This Is Not The End: But I Can See It From Here (The Big Red Z Book 1) (9 page)

BOOK: This Is Not The End: But I Can See It From Here (The Big Red Z Book 1)
11.86Mb size Format: txt, pdf, ePub

 

 

Chapter 27

 

 

 

Doc and Jickie stood in the melting snow an hour later, above the zombie nest where he and Tyler had found his dog tags.  Tyler was below, still crawling around, hunting for some passage that led under the house.

Doc was relating his experience with the Mute, recounting how even he was certain it was longmongers.  But, being highly successful in all his own dealings, Jickie seemed all but irritated by the fact that it would boil down to a best guess.  He could not tolerate guesswork.  And yet two days of vigilant searching had yielded not the slightest inkling of Emily, or even how the longmongers had gotten her, so maybe the aggravation of it ignited all fury of the uncle’s fiery temperament. 

“We’ll find who did this.  I won’t stop till I’ve chopped his head off and cleaved him in two, Doc!” he continued.  “Make it a point to knock the balls off anything that stands in your way—”

“Dangerous business, dealing with the longmongers.  We’ll be venturing as far off as Nashville, right into their neck of the woods.”

“Danger is my business, Doc!  I’m Jickie Fucking McCarthy!”

“But you don’t suppose …” 

“Suppose!” he roared.  “I make it a point never to suppose anything.  I act on facts.  And the fact is I’m not sitting around here.  I’m waiting for more of those bastards to pick us off one by one.  What the hell are they doing that for anyhow!”

“Who knows…”

“I know you better hack the balls off anything that opposed you.”

“You’ve said that several times already, Mr. Jickie,” Doc put in, having a touch of his own peppery temper from his mother’s side.

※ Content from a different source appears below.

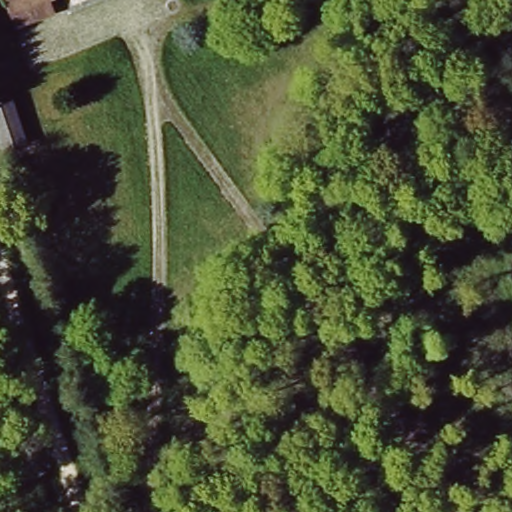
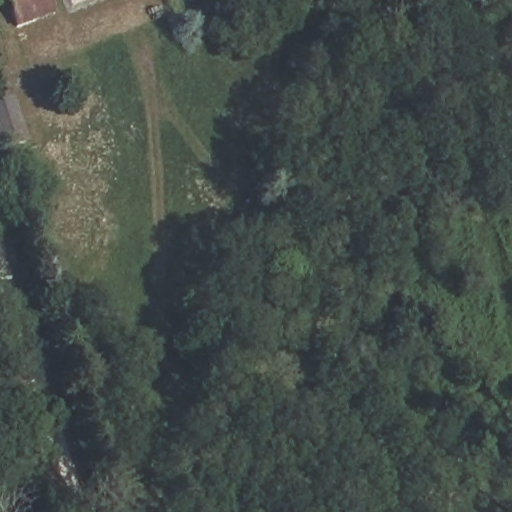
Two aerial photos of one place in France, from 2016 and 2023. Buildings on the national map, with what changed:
unchanged [(8,0),(58,0),(15,15),(8,0)]
unchanged [(1,9),(0,10),(0,4),(1,9)]

The uncle looked at Tyler emerging from the ground, then said with uncharacteristic softness, “Call me uncle.   Now go.  Get the boys together.”

 

 

 

 

Meanwhile, Tyler rested neither night nor day.  In the morning, he would outline the plan for the day with a few hurried words.  At night, he rode back to the lodge, or emerged from the zombie nest, with eager questions in his eyes, and Doc knew he had nothing better to report to him than he did to him. 

After a silent, meager meal, he would ride through the dark forest on a fresh mount.  How he passed those sleepless nights, Doc did not know. 

 

 

 

 

 

 

Chapter 28

 

 

Not even someone who had lived in the Old World, the world of air conditioning and the McRib, would have trouble imagining what the eyes around this table had seen.  No one who had seen a documentary about chimpanzees would have any difficulty understanding the cost of fighting something that was five times their equal in strength, but thirty times as aggressive.  Certainly no pampered history professor would doubt that medieval lords and earls ever waged more ruthless war on each other than the zombies and commandos during those years.  The savagery and sorrow seen by the eyes around the table would not be eclipsed for centuries. 

But it did not damage the hearts of these old bucks. 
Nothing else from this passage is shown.